The Corporation’s investments in single-issuer trust preferred securities had an unrealized loss of $3.5 million at September 30, 2014. The Corporation did not record any other-than-temporary impairment charges for single-issuer trust preferred securities during the three or nine months ended September 30, 2014 or 2013. Six of the Corporation's 20 single-issuer trust preferred securities were rated below investment grade by at least one ratings agency, with an amortized cost of $13.5 million and an estimated fair value of $12.3 million at September 30, 2014. All of the single-issuer trust preferred securities rated below investment grade were rated BB or Ba. Three single-issuer trust preferred securities with an amortized cost of $4.7 million and an estimated fair value of $3.9 million at September 30, 2014 were not rated by any ratings agency.
During the nine months ended September 30, 2014, the Corporation sold two pooled trust preferred securities with a total amortized cost of $728,000, for a gain of $1.1 million. As of September 30, 2014, all six of the Corporation's pooled trust preferred securities, with an amortized cost of $2.1 million and an estimated fair value of $4.5 million, were rated below investment grade by at least one ratings agency, with ratings ranging from C to Ca. The class of securities held by the Corporation was below the most senior tranche, with the Corporation’s interests being subordinate to other investors in the pool. The Corporation determines the fair value of pooled trust preferred securities based on quotes provided by third-party brokers.
The amortized cost of pooled trust preferred securities is the purchase price of the securities, net of cumulative credit related other-than-temporary impairment charges, determined using an expected cash flows model. The most significant input to the expected cash flows model is the expected payment deferral rate for each pooled trust preferred security.

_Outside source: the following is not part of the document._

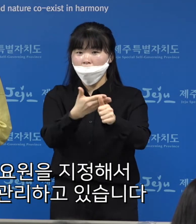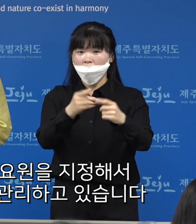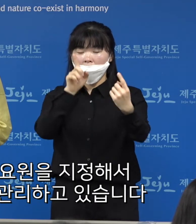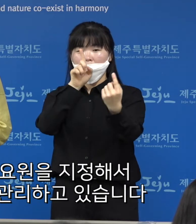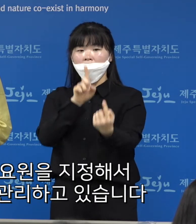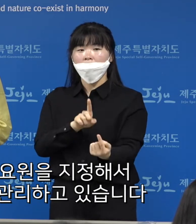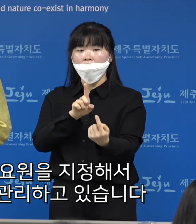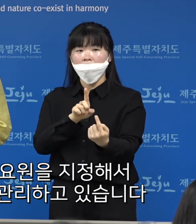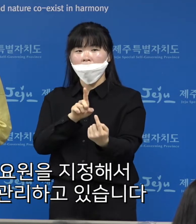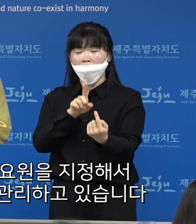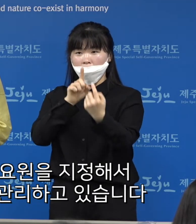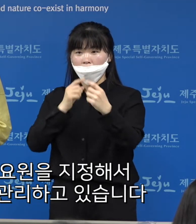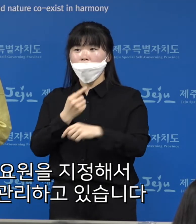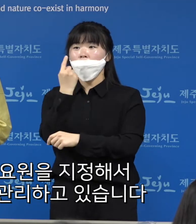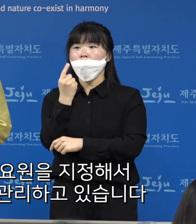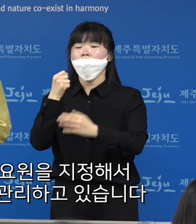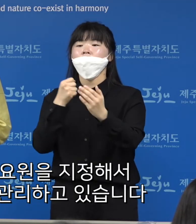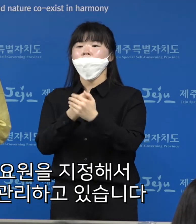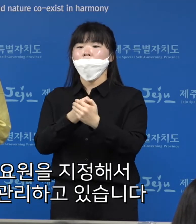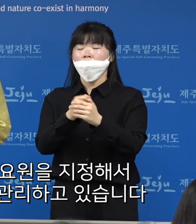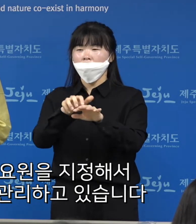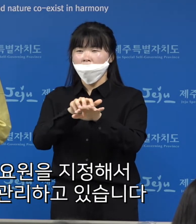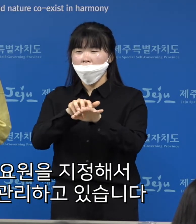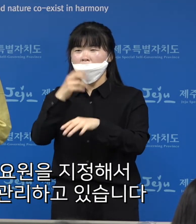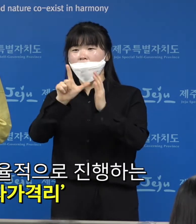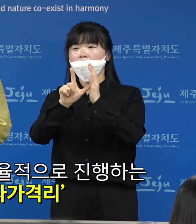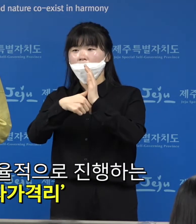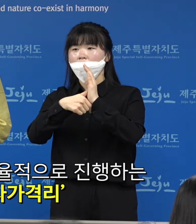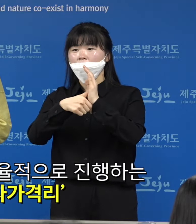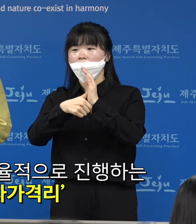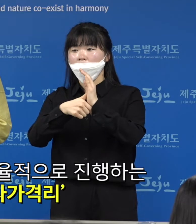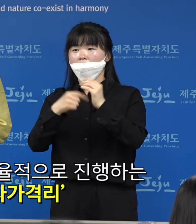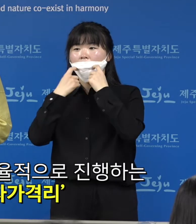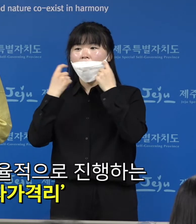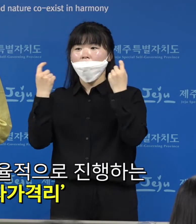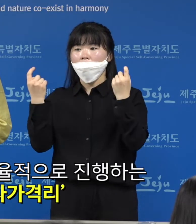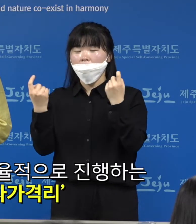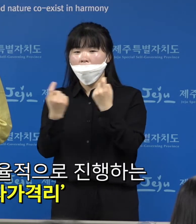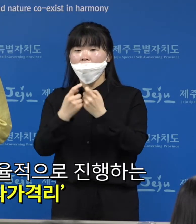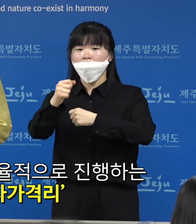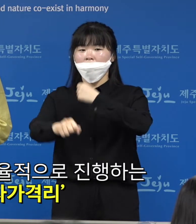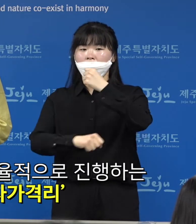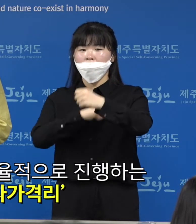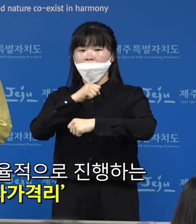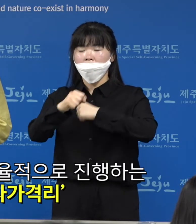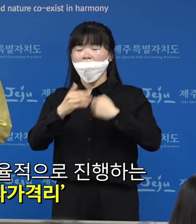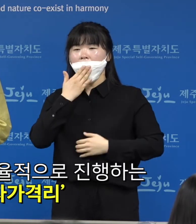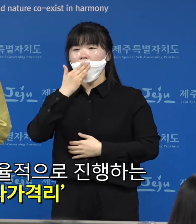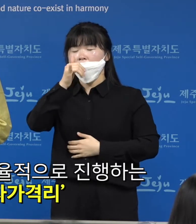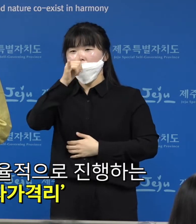전담요원을 지정해서 체계적으로 관리를 하고 있습니다. 민간에서 자율적으로 진행하는
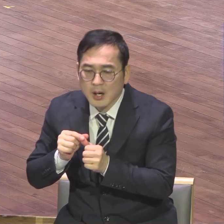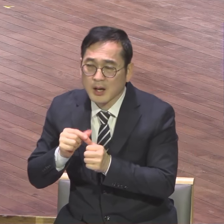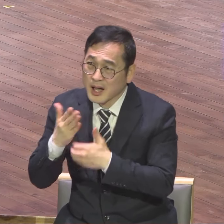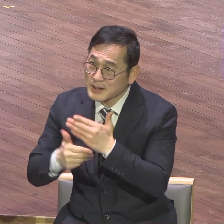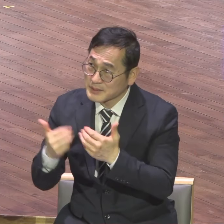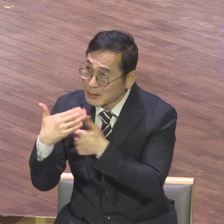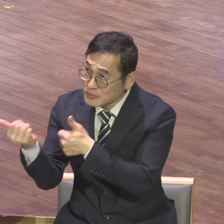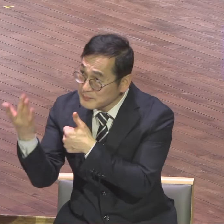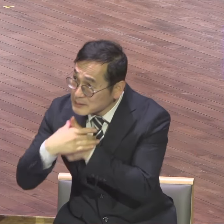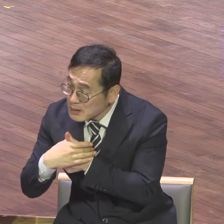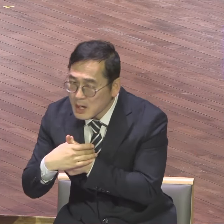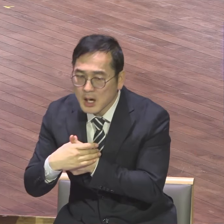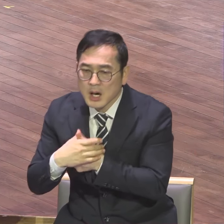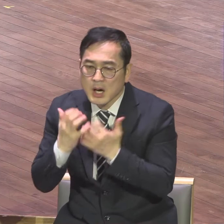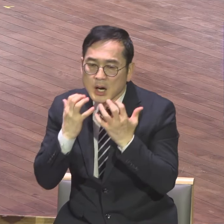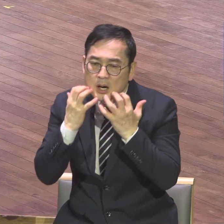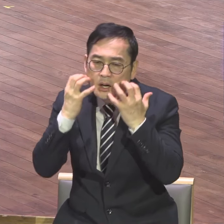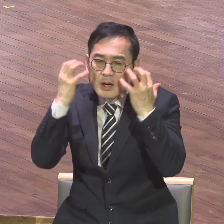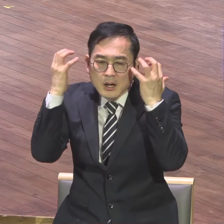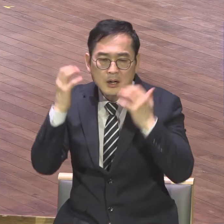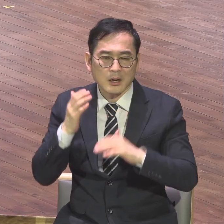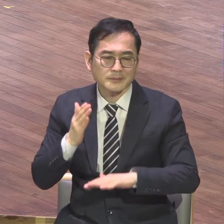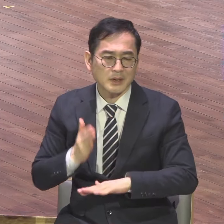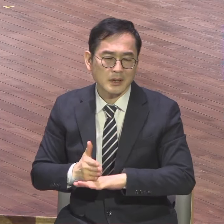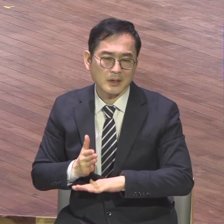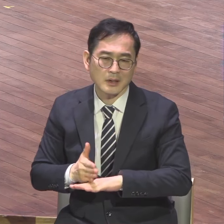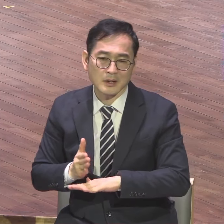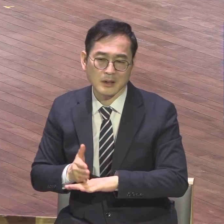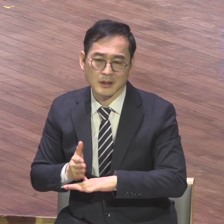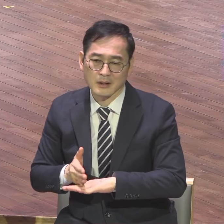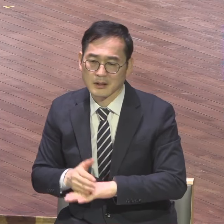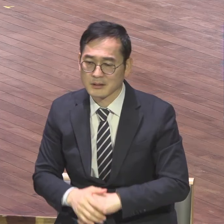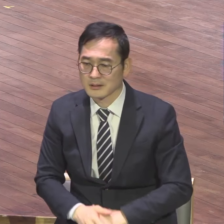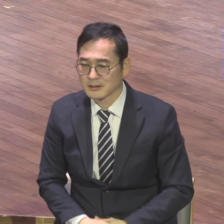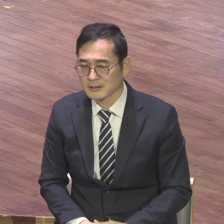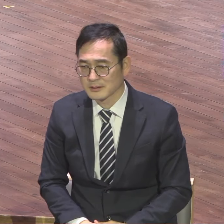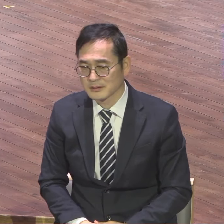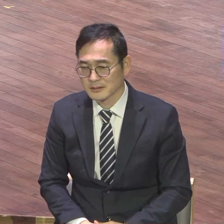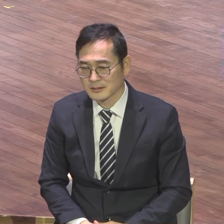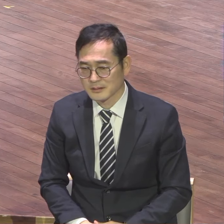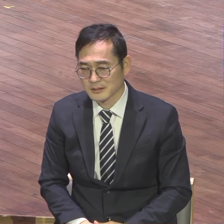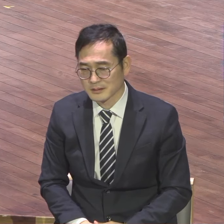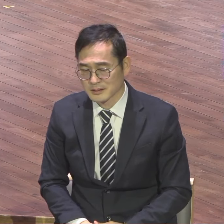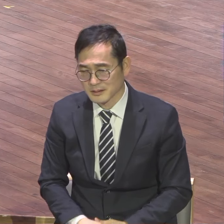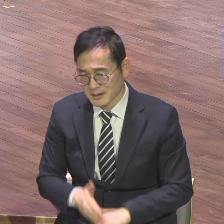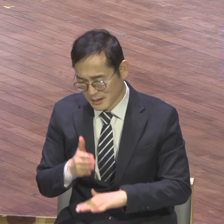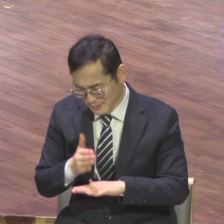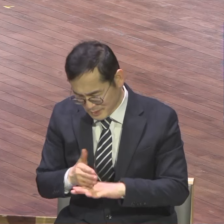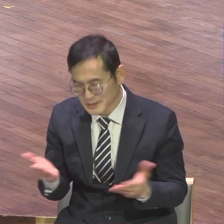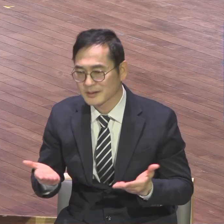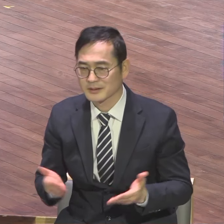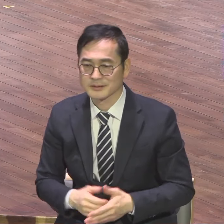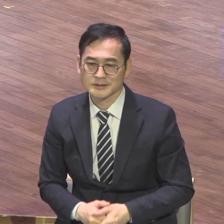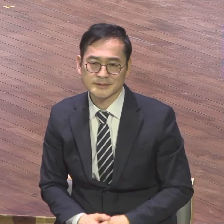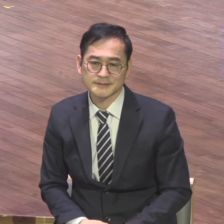자살하지만 지옥 지금 나는 캐스팅 직접 갔는데 너무 감격하네요 직분 감당하는

The Corporation evaluates the financial metrics, such as capital ratios and non-performing assets ratios, of the individual financial institution issuers that comprise each pooled trust preferred security to estimate its expected deferral rate.
Based on management’s evaluations, corporate debt securities with a fair value of $101.4 million were not subject to any additional other-than-temporary impairment charges as of September 30, 2014. The Corporation does not have the intent to sell and does not believe it will more likely than not be required to sell any of these securities prior to a recovery of their fair value to amortized cost, which may be at maturity.
As mandated by the Dodd-Frank Wall Street Reform and Consumer Protection Act (Dodd-Frank Act), in December 2013, five regulatory bodies issued final rulings (Final Rules) implementing certain prohibitions and restrictions on the ability of a banking entity and non-bank financial company supervised by the Federal Reserve Board to engage in proprietary trading and have certain ownership interests in, or relationships with, a "covered fund" (the so-called "Volcker Rule"). The Final Rules generally treat as a covered fund any entity that would be an investment company under the Investment Company Act of 1940 (1940 Act) but for the application of the exemptions from SEC registration set forth in Section 3(c)(1) (fewer than 100 beneficial owners) or Section 3(c)(7) (qualified purchasers) of the 1940 Act. The Final Rules also require regulated entities to establish an internal compliance program that is consistent with the extent to which it engages in activities covered by the Volcker Rule, which must include making regular reports about those activities to regulators. Although the Final Rules provide some tiering of compliance and reporting obligations based on size, the fundamental prohibitions of the Volcker Rule apply to banking entities of any size, including the Corporation. Banking entities have until July 21, 2015 to conform their activities and investments to the requirements of the Final Rules. The Corporation does not engage in proprietary trading or in any other activities prohibited by the Final Rules. Based on the Corporation's evaluation of its investments, none fall within the definition of a "covered fund" and would need to be disposed

15



of by July 21, 2015. Therefore, it does not currently expect that the Final Rules will have a material effect on its business, financial condition or results of operations.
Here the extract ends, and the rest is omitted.